Haystack - 24 Aug 2011 10:23 - 5672 of 6906

If you want to know the true history of Israel and its dreadful behaviour then read this. The whole book is on the web.

http://www.marxists.de/middleast/schoenman/

This is how Jerusalem Post correspondent Hirsh Goodman described the uprising of Palestinian youth in the West Bank and Gaza in mid-December 1987.

Goodmans remarks were written the day before the December 21, 1987, general strike which engulfed every Palestinian community under Israeli rule. The strike was described by the Israeli daily, Haaretz, as writing on our wall even more serious than the bloody riots of the last two weeks. [2]

On that day, wrote John Kifner in The New York Times, the vast army of Arab laborers who wait on tables, pick vegetables, haul garbage, lay brick and perform virtually all Israels menial work, stayed home. [3]

The Israeli response to the uprising was brutal. Defense Minister Yitzhak Rabin ordered the use of tanks, armored vehicles and automatic rifles against an unarmed population.

The San Francisco Examiner cited Rabin as openly advocating assassination. They can shoot to hit leaders of disorder, Rabin said in defense of the armys practice of using marksmen with high-powered .22-caliber rifles to shoot indiscriminately at Palestinian youth. [4]
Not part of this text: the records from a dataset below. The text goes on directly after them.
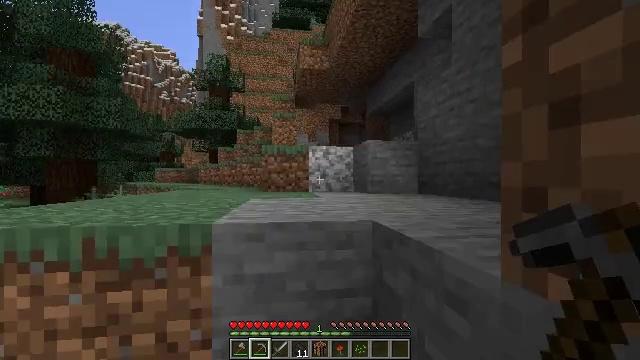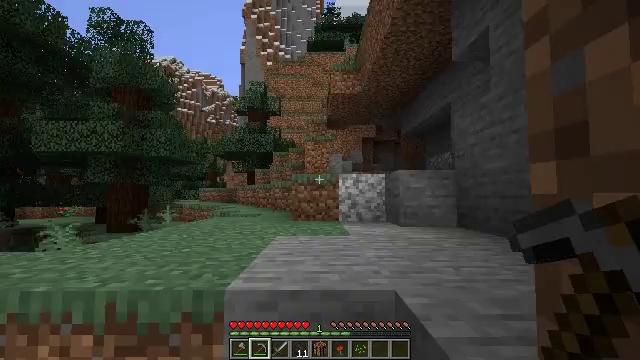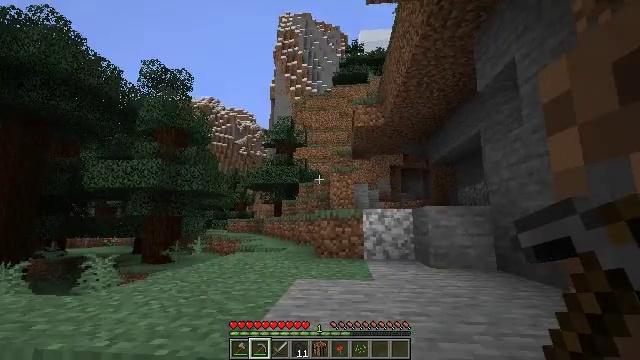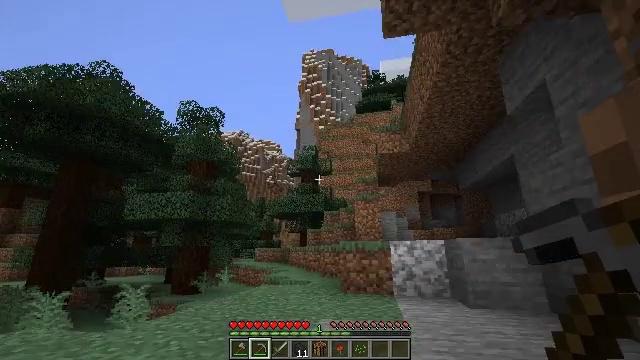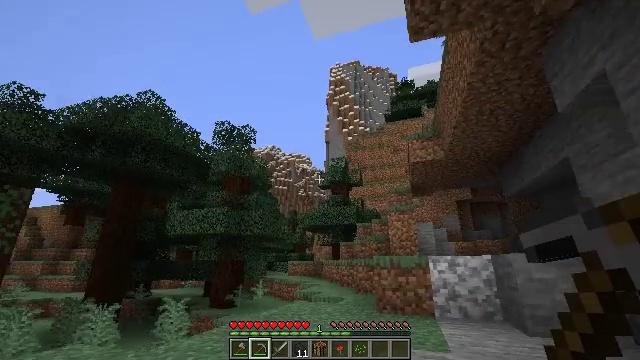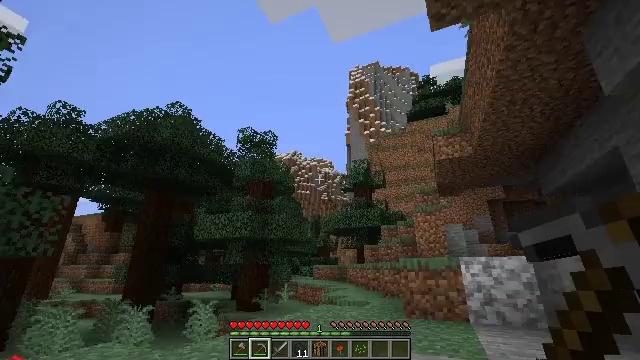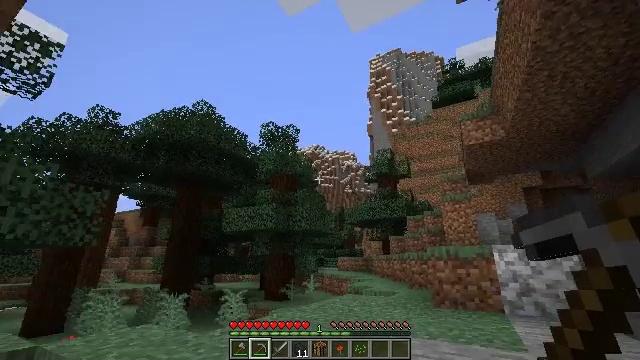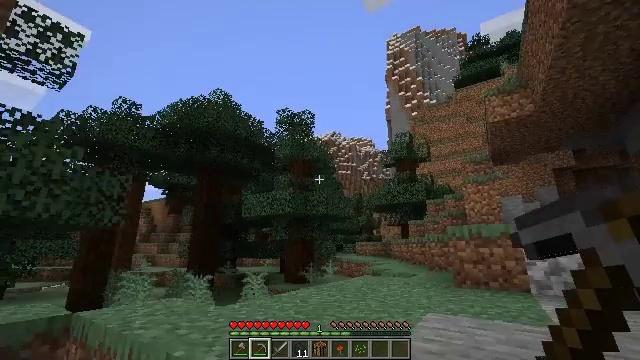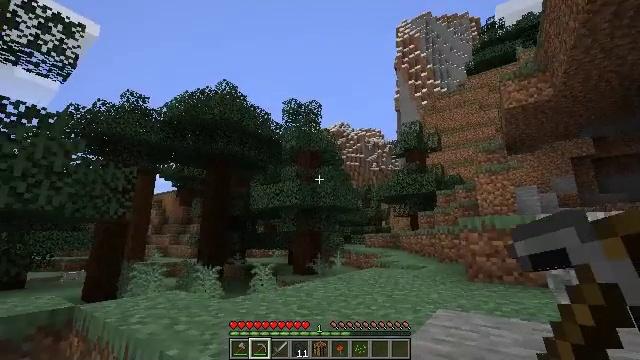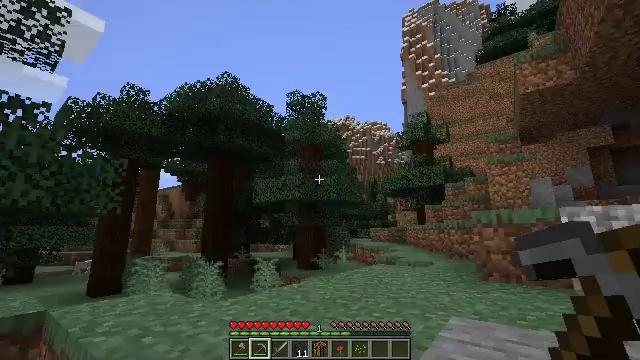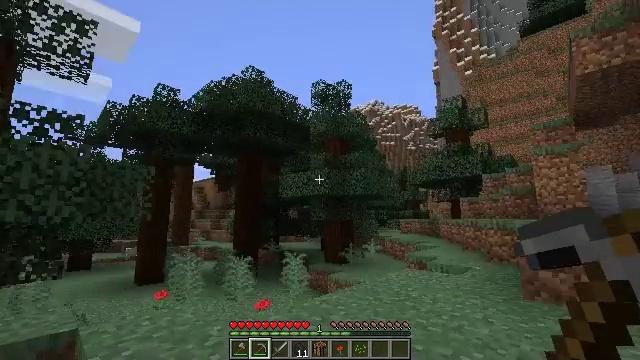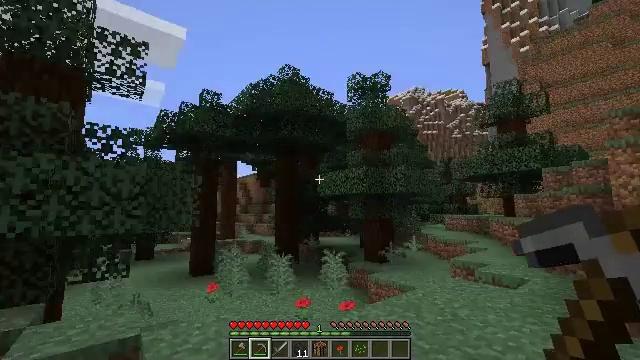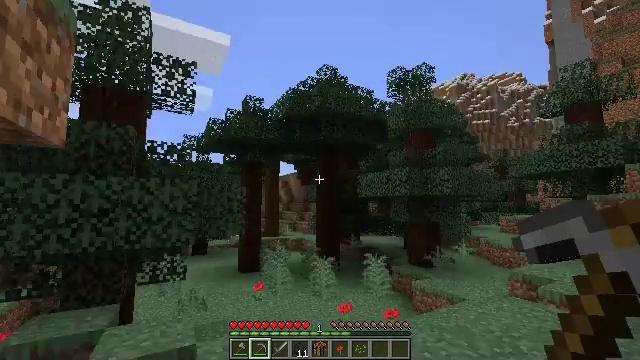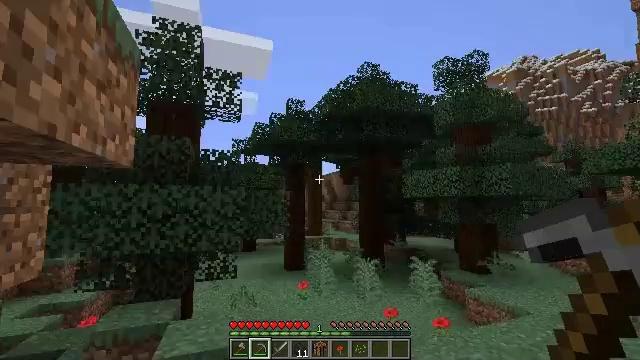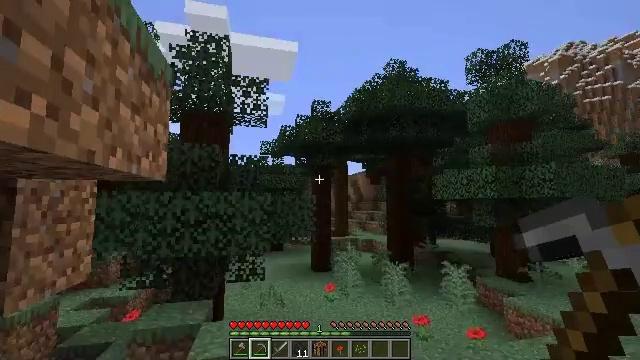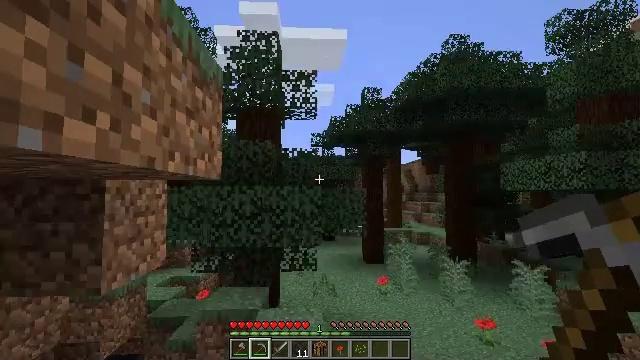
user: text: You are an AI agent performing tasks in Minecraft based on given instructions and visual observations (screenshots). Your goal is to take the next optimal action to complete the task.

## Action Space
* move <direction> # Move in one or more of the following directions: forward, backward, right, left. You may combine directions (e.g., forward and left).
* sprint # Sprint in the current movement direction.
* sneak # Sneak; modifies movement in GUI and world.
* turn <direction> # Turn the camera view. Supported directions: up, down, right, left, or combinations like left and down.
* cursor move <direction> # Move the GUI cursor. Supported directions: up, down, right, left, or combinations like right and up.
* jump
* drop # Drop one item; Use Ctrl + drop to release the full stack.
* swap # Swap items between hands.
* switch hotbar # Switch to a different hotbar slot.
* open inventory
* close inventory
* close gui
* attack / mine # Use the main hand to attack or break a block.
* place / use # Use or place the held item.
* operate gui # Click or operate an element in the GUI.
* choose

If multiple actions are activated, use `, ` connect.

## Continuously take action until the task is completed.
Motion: motion action
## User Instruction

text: Remove the large fern from the terrain.
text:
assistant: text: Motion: move forward, turn left and up, jump
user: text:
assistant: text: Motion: move forward, turn left and up, jump
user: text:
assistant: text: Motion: move forward, turn left and up, jump
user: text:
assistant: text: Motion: move forward, turn left and up
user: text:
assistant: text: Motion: move forward, turn left
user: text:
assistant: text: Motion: move forward, turn left and down
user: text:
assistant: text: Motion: move forward, turn left and down
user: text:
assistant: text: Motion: move forward, turn left and down
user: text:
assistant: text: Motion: move forward and move right, turn left and down
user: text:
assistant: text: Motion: move forward and move right, turn left and down, jump
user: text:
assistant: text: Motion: move forward and move right, turn left and down, jump
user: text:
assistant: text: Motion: move forward and move right, turn left and down, jump
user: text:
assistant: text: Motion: move forward, turn left, jump
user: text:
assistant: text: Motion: move forward, turn left, jump
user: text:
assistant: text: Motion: move forward, turn left and down
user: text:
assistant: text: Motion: move forward, turn left and down
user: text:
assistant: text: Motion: move forward, turn left and down
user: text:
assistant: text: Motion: move forward, turn left and down
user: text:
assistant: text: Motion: move forward, turn left and down
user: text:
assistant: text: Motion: move forward
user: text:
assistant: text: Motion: move forward
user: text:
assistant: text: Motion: move forward
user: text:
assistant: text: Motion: move forward
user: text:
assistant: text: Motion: move forward
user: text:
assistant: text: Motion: move forward
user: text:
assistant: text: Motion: move forward and move right
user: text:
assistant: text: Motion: move forward and move right, turn right and down
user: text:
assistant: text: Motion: move forward and move right, turn right and down
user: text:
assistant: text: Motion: move forward and move right, turn right and down
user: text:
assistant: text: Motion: move forward and move right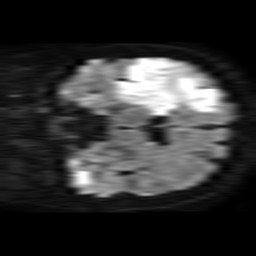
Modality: TRACE
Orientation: coronal
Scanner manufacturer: philips
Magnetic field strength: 1.5 T
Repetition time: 3.395 s
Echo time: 0.06922 s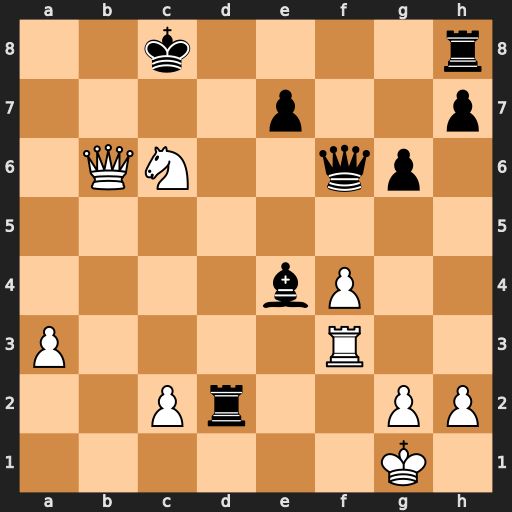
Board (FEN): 2k4r/4p2p/1QN2qp1/8/4bP2/P4R2/2Pr2PP/6K1
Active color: w
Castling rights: -
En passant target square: -
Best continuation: Nxe7+ Qxe7 Rc3+ Kd7 Rc7+ Ke8 Rxe7+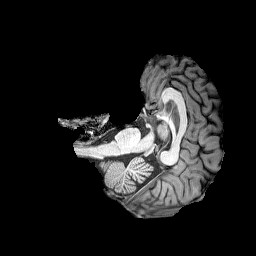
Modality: T1w
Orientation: axial
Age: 55
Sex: male
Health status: healthy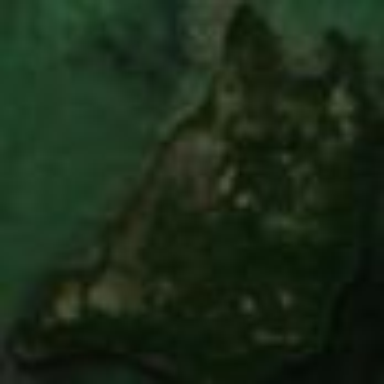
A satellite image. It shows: Islet along the natural coastline.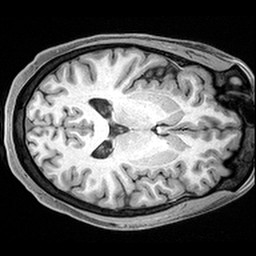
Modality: T1w
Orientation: axial
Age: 34
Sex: female
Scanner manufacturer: siemens
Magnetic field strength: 3 T
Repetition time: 2.4 s
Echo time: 0.0022 s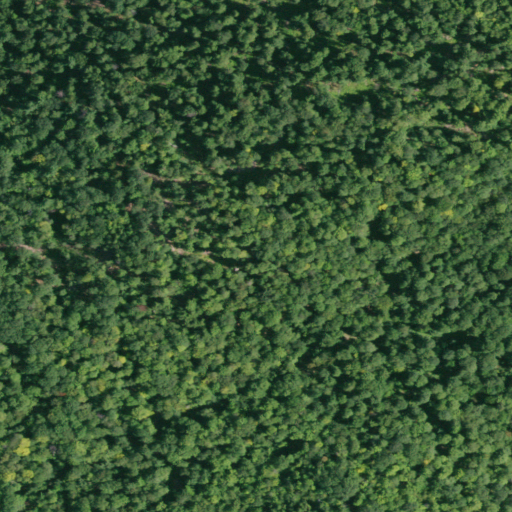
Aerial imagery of mountain in New York named Mace Hill containing deciduous forest, mixed forest, and evergreen forest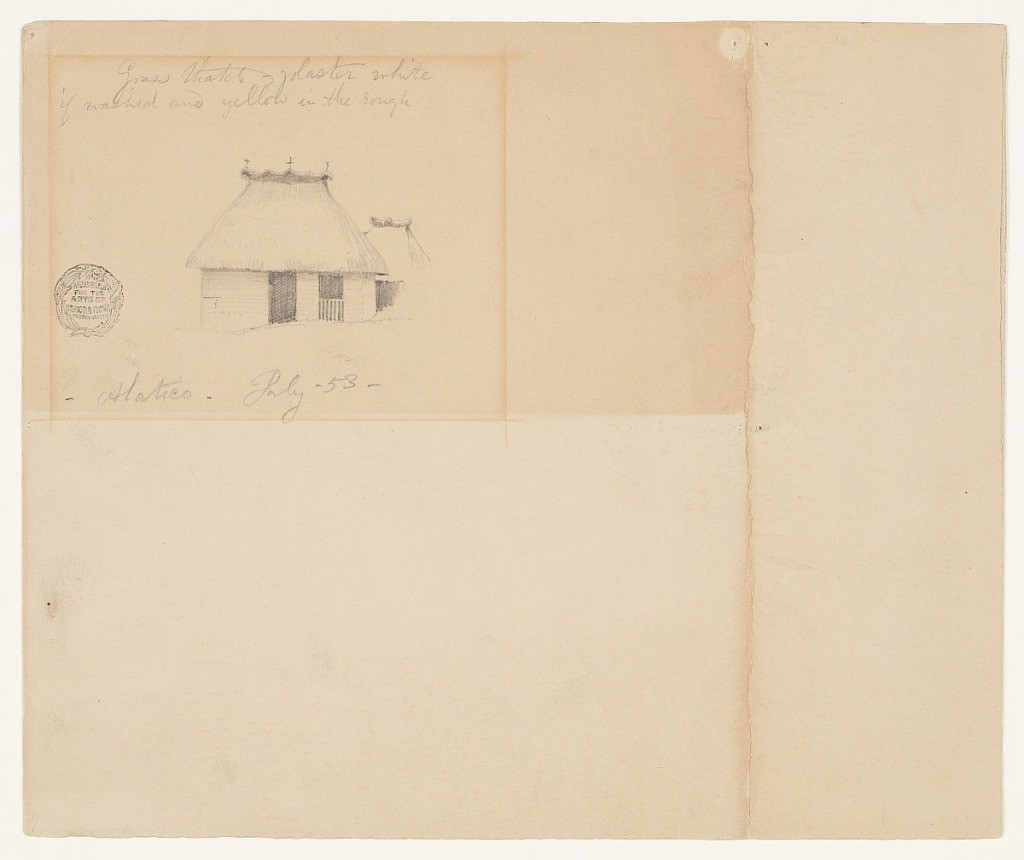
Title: Houses in Alatico, Colombia
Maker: Frederic Edwin Church, American, 1826–1900
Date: July 1853
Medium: Graphite on tan wove paper
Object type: Drawing
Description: Architecture sketch showing a view of a thatched hut in Alatico, Colombia. The structure's facade is characterized by one door, one window, and a tall, pyramidal roof. Another roof is visible behind.

Rabin ordered house-to-house searches, first for young men and later for anyone of whom an example might be made. By December 27, over 2,500 Palestinians were seized, many of them as young as twelve; by the end of January the number reached 4,000 and was rising. [5] The militants were marked for deportation. Israeli high-security jails and detention centers were overflowing. Mass trials of Palestinians were underway.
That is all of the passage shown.